---------- Exercise material ----------

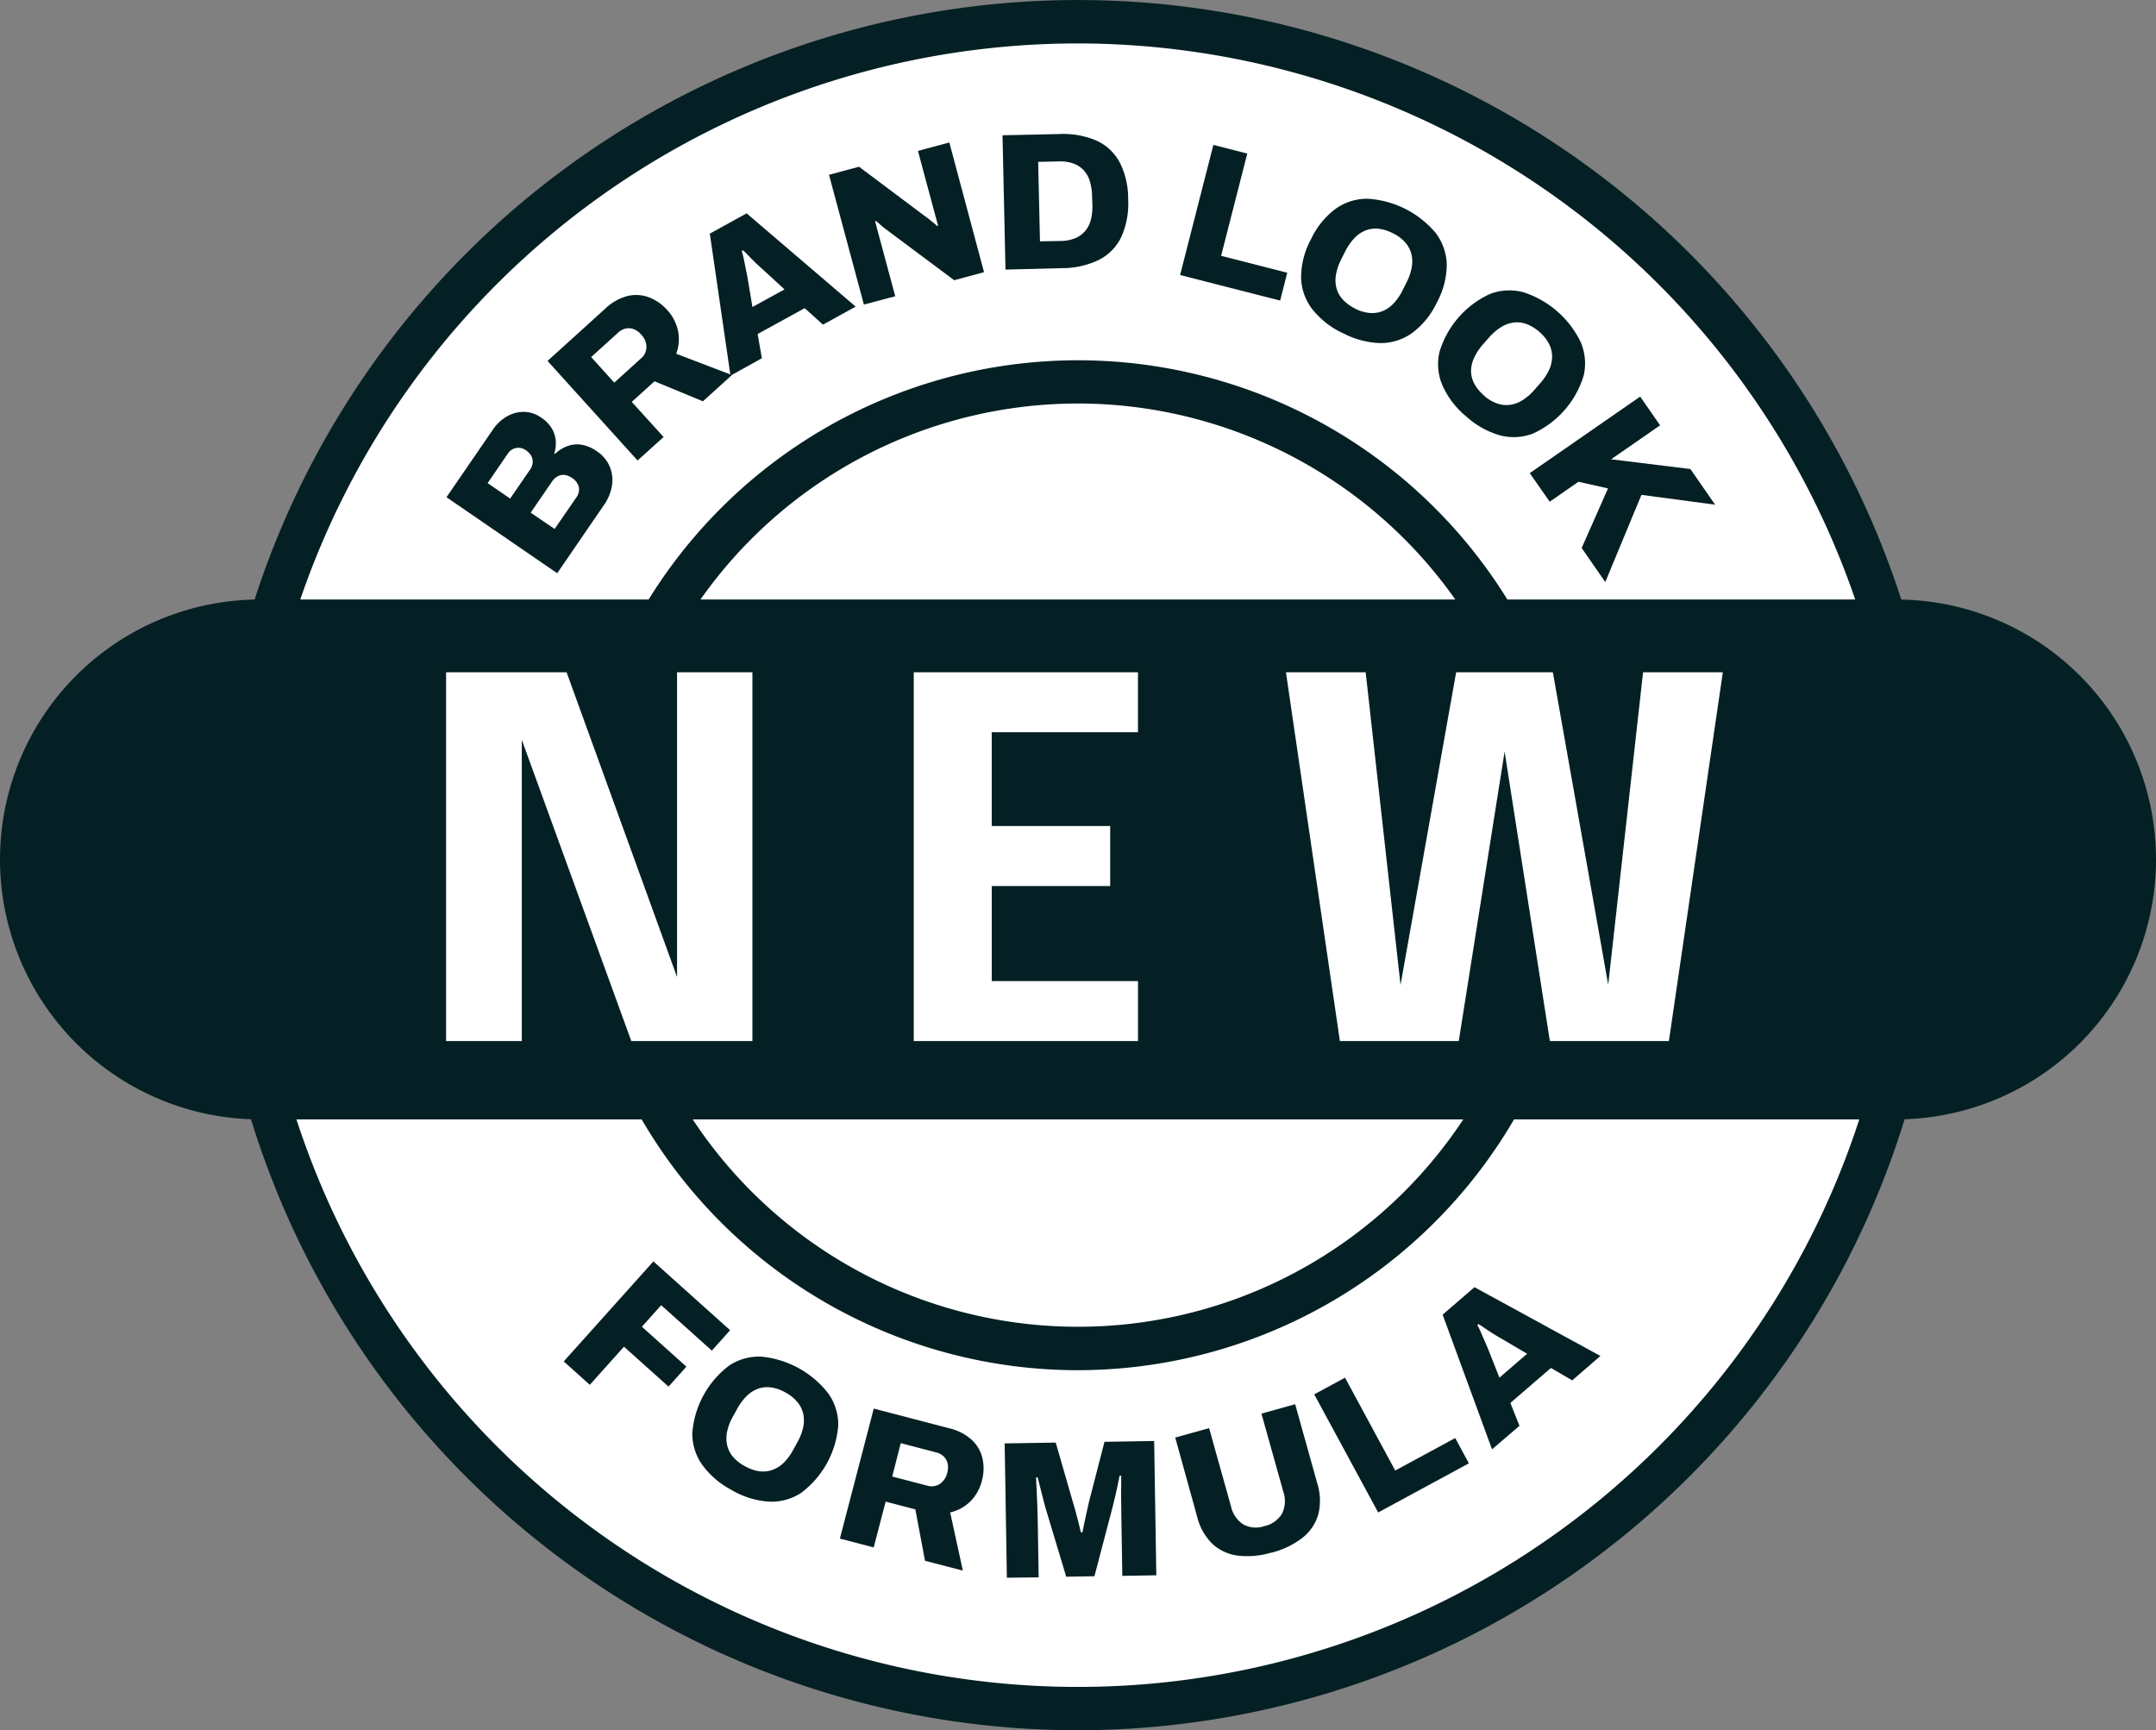 <svg viewBox="0 0 68.742 55.167" height="55.167" width="68.742" xmlns:xlink="http://www.w3.org/1999/xlink" xmlns="http://www.w3.org/2000/svg" data-sanitized-data-name="Group 3677" data-name="Group 3677" id="Group_3677">
  <rect x="0" y="0" width="68.742" height="55.167" fill="#808080" stroke="none"/>
  <defs>
    <clipPath id="clip-path">
      <rect fill="none" height="55.167" width="68.743" data-sanitized-data-name="Rectangle 1053" data-name="Rectangle 1053" id="Rectangle_1053"></rect>
    </clipPath>
  </defs>
  <g clip-path="url(#clip-path)" transform="translate(0 0)" data-sanitized-data-name="Group 3679" data-name="Group 3679" id="Group_3679">
    <path fill="#fff" transform="translate(-3.32 -0.307)" d="M37.695,1A26.891,26.891,0,1,1,10.8,27.891,26.918,26.918,0,0,1,37.695,1" data-sanitized-data-name="Path 8402" data-name="Path 8402" id="Path_8402"></path>
    <path fill="#052024" transform="translate(-3.013 0)" d="M37.388,55.167A27.583,27.583,0,1,1,64.965,27.583,27.615,27.615,0,0,1,37.388,55.167m0-53.782a26.2,26.2,0,1,0,26.192,26.2,26.228,26.228,0,0,0-26.192-26.2" data-sanitized-data-name="Path 8403" data-name="Path 8403" id="Path_8403"></path>
    <path fill="#052024" transform="translate(-8.104 -5.093)" d="M42.475,48.78a16.1,16.1,0,1,1,16.1-16.1,16.122,16.122,0,0,1-16.1,16.1m0-30.821A14.718,14.718,0,1,0,57.193,32.676,14.734,14.734,0,0,0,42.475,17.958" data-sanitized-data-name="Path 8404" data-name="Path 8404" id="Path_8404"></path>
    <path fill="#052024" transform="translate(0 -8.479)" d="M60.454,44.169H8.288a8.288,8.288,0,1,1,0-16.576H60.454a8.288,8.288,0,0,1,0,16.576" data-sanitized-data-name="Path 8405" data-name="Path 8405" id="Path_8405"></path>
    <path fill="#fff" transform="translate(-6.31 -9.508)" d="M22.947,42.7H20.533V30.942h3.842L28.311,41.8l-.414.1V30.942H30.3V42.7H26.438L22.5,31.867l.447-.1Z" data-sanitized-data-name="Path 8406" data-name="Path 8406" id="Path_8406"></path>
    <path fill="#fff" transform="translate(-12.924 -9.508)" d="M43.429,32.855l1.115-1.18v4.87l-.558-.7h4.335v1.913H43.987l.558-.7v4.909l-1.115-1.179h5.778V42.7H42.058V30.942h7.149v1.913Z" data-sanitized-data-name="Path 8407" data-name="Path 8407" id="Path_8407"></path>
    <path fill="#fff" transform="translate(-18.189 -9.508)" d="M60.91,42.7,59.19,30.942h2.542l1.251,11.221-.359-.016,1.993-11.205H67.7l1.985,11.205-.36.016,1.252-11.221H73.12L71.4,42.7H67.605l-1.57-10.042h.256L64.7,42.7Z" data-sanitized-data-name="Path 8408" data-name="Path 8408" id="Path_8408"></path>
    <path fill="#052024" transform="translate(-6.316 -5.823)" d="M24.082,24.1l-3.53-2.424,1.481-2.158a1.352,1.352,0,0,1,.447-.419,1.062,1.062,0,0,1,.544-.144.976.976,0,0,1,.548.183,1.089,1.089,0,0,1,.341.352.908.908,0,0,1,.123.393,1.106,1.106,0,0,1-.048.4l.02.014a1.2,1.2,0,0,1,.383-.244A.9.9,0,0,1,24.844,20a1.172,1.172,0,0,1,.5.21,1.087,1.087,0,0,1,.417.5,1.134,1.134,0,0,1,.066.6,1.487,1.487,0,0,1-.25.608Zm-1.5-2.381.632-.92a.456.456,0,0,0,.086-.224.383.383,0,0,0-.043-.212.513.513,0,0,0-.166-.178.411.411,0,0,0-.324-.078.417.417,0,0,0-.262.183l-.642.936ZM24,22.688l.689-1a.438.438,0,0,0,.084-.332.483.483,0,0,0-.229-.3.5.5,0,0,0-.222-.089.373.373,0,0,0-.22.039.524.524,0,0,0-.189.176l-.677.987Z" data-sanitized-data-name="Path 8409" data-name="Path 8409" id="Path_8409"></path>
    <path fill="#052024" transform="translate(-7.742 -4.173)" d="M28.07,18.855,25.2,15.681l1.843-1.67a1.608,1.608,0,0,1,.706-.4,1.161,1.161,0,0,1,.68.04,1.472,1.472,0,0,1,.58.4,1.406,1.406,0,0,1,.351.671,1.32,1.32,0,0,1-.058.73l1.776.679-.924.837L28.61,16.33l-.725.657L28.9,18.106Zm-.743-2.482.854-.774a.477.477,0,0,0,.172-.362.581.581,0,0,0-.17-.4.609.609,0,0,0-.238-.17.452.452,0,0,0-.253-.019.54.54,0,0,0-.247.135l-.854.775Z" data-sanitized-data-name="Path 8410" data-name="Path 8410" id="Path_8410"></path>
    <path fill="#052024" transform="translate(-10.04 -3.018)" d="M33.331,14.995l-.659-4.528,1.173-.647,3.477,2.974-1.043.575-.582-.526-1.5.824.134.773Zm.7-2.188,1.022-.562-.7-.644-.134-.121c-.053-.049-.109-.1-.166-.159s-.114-.114-.17-.173-.107-.109-.153-.15l-.039.021c.024.077.046.167.067.269s.041.205.062.307.039.193.053.27Z" data-sanitized-data-name="Path 8411" data-name="Path 8411" id="Path_8411"></path>
    <path fill="#052024" transform="translate(-11.725 -2.015)" d="M39.269,11.725,38.157,7.588l.957-.257,2.022,1.516c.037.024.086.06.148.108s.125.1.186.148.106.091.136.121l.028-.014c-.024-.088-.046-.174-.069-.256s-.04-.151-.056-.207l-.516-1.921,1-.269L43.1,10.693l-.952.256L40.013,9.356c-.069-.051-.136-.1-.2-.159s-.117-.1-.157-.139l-.028.014c.017.064.034.13.053.2s.033.121.044.166l.544,2.023Z" data-sanitized-data-name="Path 8412" data-name="Path 8412" id="Path_8412"></path>
    <path fill="#052024" transform="translate(-14.18 -1.895)" d="M46.239,10.49l-.095-4.282,1.789-.039a2.725,2.725,0,0,1,1.187.2,1.591,1.591,0,0,1,.751.684,2.537,2.537,0,0,1,.279,1.2,2.569,2.569,0,0,1-.226,1.212,1.582,1.582,0,0,1-.72.723,2.722,2.722,0,0,1-1.176.257Zm1.1-.9L48,9.578a1.267,1.267,0,0,0,.454-.085.843.843,0,0,0,.319-.225.906.906,0,0,0,.186-.36,1.735,1.735,0,0,0,.051-.488L49,8.159a1.767,1.767,0,0,0-.073-.491.9.9,0,0,0-.2-.351.854.854,0,0,0-.33-.211,1.262,1.262,0,0,0-.456-.065l-.66.015Z" data-sanitized-data-name="Path 8413" data-name="Path 8413" id="Path_8413"></path>
    <path fill="#052024" transform="translate(-16.691 -2.05)" d="M54.317,10.819,55.378,6.67l1.081.276-.834,3.261,2.109.539-.227.888Z" data-sanitized-data-name="Path 8414" data-name="Path 8414" id="Path_8414"></path>
    <path fill="#052024" transform="translate(-18.402 -2.811)" d="M61.209,13.43a2.708,2.708,0,0,1-.967-.762,1.723,1.723,0,0,1-.356-1.006,2.569,2.569,0,0,1,.316-1.223A2.551,2.551,0,0,1,61,9.459a1.723,1.723,0,0,1,1.018-.311,3.076,3.076,0,0,1,2.155,1.085,1.728,1.728,0,0,1,.357,1,2.546,2.546,0,0,1-.314,1.221,2.573,2.573,0,0,1-.8.982,1.717,1.717,0,0,1-1.02.313,2.714,2.714,0,0,1-1.187-.323m.392-.779a1.28,1.28,0,0,0,.46.141.9.9,0,0,0,.416-.055,1,1,0,0,0,.357-.246,1.733,1.733,0,0,0,.288-.42l.123-.245a1.77,1.77,0,0,0,.169-.487A1.007,1.007,0,0,0,63.4,10.9a.913.913,0,0,0-.2-.367,1.267,1.267,0,0,0-.387-.285,1.314,1.314,0,0,0-.465-.144.872.872,0,0,0-.412.057,1.011,1.011,0,0,0-.355.247,1.749,1.749,0,0,0-.291.425l-.124.245a1.735,1.735,0,0,0-.166.482,1.013,1.013,0,0,0,.013.432.873.873,0,0,0,.2.366,1.3,1.3,0,0,0,.392.288" data-sanitized-data-name="Path 8415" data-name="Path 8415" id="Path_8415"></path>
    <path fill="#052024" transform="translate(-20.34 -4.108)" d="M67.075,17.374a2.706,2.706,0,0,1-.745-.98,1.715,1.715,0,0,1-.094-1.063,2.972,2.972,0,0,1,1.624-1.856,1.73,1.73,0,0,1,1.064-.046,3.079,3.079,0,0,1,1.816,1.589,1.727,1.727,0,0,1,.095,1.061,2.971,2.971,0,0,1-1.624,1.855,1.722,1.722,0,0,1-1.066.049,2.719,2.719,0,0,1-1.07-.61m.574-.657a1.278,1.278,0,0,0,.41.251.9.9,0,0,0,.416.05,1,1,0,0,0,.408-.149,1.709,1.709,0,0,0,.384-.335l.181-.206a1.787,1.787,0,0,0,.285-.429,1,1,0,0,0,.094-.424.9.9,0,0,0-.1-.406,1.293,1.293,0,0,0-.3-.373,1.32,1.32,0,0,0-.415-.255.873.873,0,0,0-.414-.048,1.017,1.017,0,0,0-.405.15,1.747,1.747,0,0,0-.388.34l-.181.206a1.723,1.723,0,0,0-.281.425,1.007,1.007,0,0,0-.1.422.871.871,0,0,0,.1.4,1.305,1.305,0,0,0,.308.377" data-sanitized-data-name="Path 8416" data-name="Path 8416" id="Path_8416"></path>
    <path fill="#052024" transform="translate(-21.638 -5.61)" d="M70.413,20.695l3.52-2.44.636.916-1.563,1.083,2.529.31.788,1.138-2.349-.314-1.153,2.78-.753-1.086.84-1.9-.943-.211-.916.636Z" data-sanitized-data-name="Path 8417" data-name="Path 8417" id="Path_8417"></path>
    <path fill="#052024" transform="translate(-7.974 -17.841)" d="M25.948,61.248l2.859-3.189,2.446,2.194-.583.65-1.615-1.448-.615.687,1.419,1.273-.57.636-1.42-1.273-1.09,1.216Z" data-sanitized-data-name="Path 8418" data-name="Path 8418" id="Path_8418"></path>
    <path fill="#052024" transform="translate(-9.793 -19.192)" d="M33.125,66.7a2.715,2.715,0,0,1-.939-.8,1.721,1.721,0,0,1-.319-1.018,2.976,2.976,0,0,1,1.189-2.161,1.719,1.719,0,0,1,1.029-.273A3.079,3.079,0,0,1,36.2,63.617a1.72,1.72,0,0,1,.32,1.016,2.973,2.973,0,0,1-1.188,2.16,1.721,1.721,0,0,1-1.031.276,2.707,2.707,0,0,1-1.176-.366m.42-.765A1.274,1.274,0,0,0,34,66.1a.9.9,0,0,0,.418-.041,1,1,0,0,0,.366-.232,1.738,1.738,0,0,0,.3-.409l.132-.24a1.748,1.748,0,0,0,.186-.481,1.006,1.006,0,0,0,0-.434.889.889,0,0,0-.19-.374,1.272,1.272,0,0,0-.376-.3,1.287,1.287,0,0,0-.459-.161.877.877,0,0,0-.415.042,1.011,1.011,0,0,0-.363.234,1.721,1.721,0,0,0-.306.415l-.133.24a1.693,1.693,0,0,0-.183.475,1.012,1.012,0,0,0,0,.432.868.868,0,0,0,.186.373,1.294,1.294,0,0,0,.382.3" data-sanitized-data-name="Path 8419" data-name="Path 8419" id="Path_8419"></path>
    <path fill="#052024" transform="translate(-11.88 -19.923)" d="M38.659,68.979l1.08-4.145,2.407.628a1.6,1.6,0,0,1,.721.372,1.156,1.156,0,0,1,.339.591,1.476,1.476,0,0,1-.019.707,1.411,1.411,0,0,1-.369.661,1.322,1.322,0,0,1-.643.351L42.58,70l-1.207-.314-.308-1.639-.947-.247-.381,1.46ZM40.328,67l1.116.291a.48.48,0,0,0,.4-.054.577.577,0,0,0,.238-.36.61.61,0,0,0,.012-.293.448.448,0,0,0-.123-.222.539.539,0,0,0-.249-.133L40.6,65.936Z" data-sanitized-data-name="Path 8420" data-name="Path 8420" id="Path_8420"></path>
    <path fill="#052024" transform="translate(-14.21 -20.381)" d="M46.313,70.685l-.07-4.283,1.628-.026.548,1.9q.032.1.079.27t.094.357c.031.124.057.236.08.335h.051c.015-.079.034-.174.057-.285s.048-.227.076-.351.052-.236.076-.341l.493-1.91,1.584-.026.069,4.282-1.084.018-.03-1.827q0-.268-.006-.542t0-.5c0-.15,0-.258,0-.324h-.051c-.011.062-.03.153-.055.272s-.052.242-.081.369-.055.237-.079.328l-.587,2.236-.9.015-.666-2.215c-.021-.083-.048-.182-.079-.3s-.062-.234-.09-.355-.055-.221-.077-.3h-.049c0,.108.012.24.019.4s.013.317.02.486.012.328.014.477l.03,1.827Z" data-sanitized-data-name="Path 8421" data-name="Path 8421" id="Path_8421"></path>
    <path fill="#052024" transform="translate(-16.62 -19.859)" d="M57.166,69.358a2.657,2.657,0,0,1-1.076.1,1.461,1.461,0,0,1-.813-.375,1.815,1.815,0,0,1-.486-.862l-.7-2.528,1.08-.3.7,2.5a.919.919,0,0,0,.384.566.83.83,0,0,0,.682.056.854.854,0,0,0,.561-.4.906.906,0,0,0,.042-.685l-.7-2.5,1.075-.3.706,2.528a1.813,1.813,0,0,1,.03.988,1.458,1.458,0,0,1-.5.741,2.673,2.673,0,0,1-.981.474" data-sanitized-data-name="Path 8422" data-name="Path 8422" id="Path_8422"></path>
    <path fill="#052024" transform="translate(-18.589 -19.486)" d="M62.531,67.709l-2.039-3.766.982-.532,1.6,2.961,1.913-1.036.436.806Z" data-sanitized-data-name="Path 8423" data-name="Path 8423" id="Path_8423"></path>
    <path fill="#052024" transform="translate(-20.403 -18.206)" d="M67.975,64.416,66.4,60.122l1.015-.876,4.016,2.193-.9.778-.679-.395-1.293,1.115.291.729Zm.236-2.286.883-.761-.822-.485c-.043-.024-.095-.054-.157-.091s-.126-.077-.194-.121-.135-.088-.2-.134-.128-.085-.182-.115l-.033.028a2.762,2.762,0,0,1,.121.25c.042.1.083.192.125.288s.078.18.107.253Z" data-sanitized-data-name="Path 8424" data-name="Path 8424" id="Path_8424"></path>
  </g>
</svg>

----------

### Problem description
Take every line from the data that contains the word "none".

### Exercise result
  <rect x="0" y="0" width="68.742" height="55.167" fill="#808080" stroke="none"/>
      <rect fill="none" height="55.167" width="68.743" data-sanitized-data-name="Rectangle 1053" data-name="Rectangle 1053" id="Rectangle_1053"></rect>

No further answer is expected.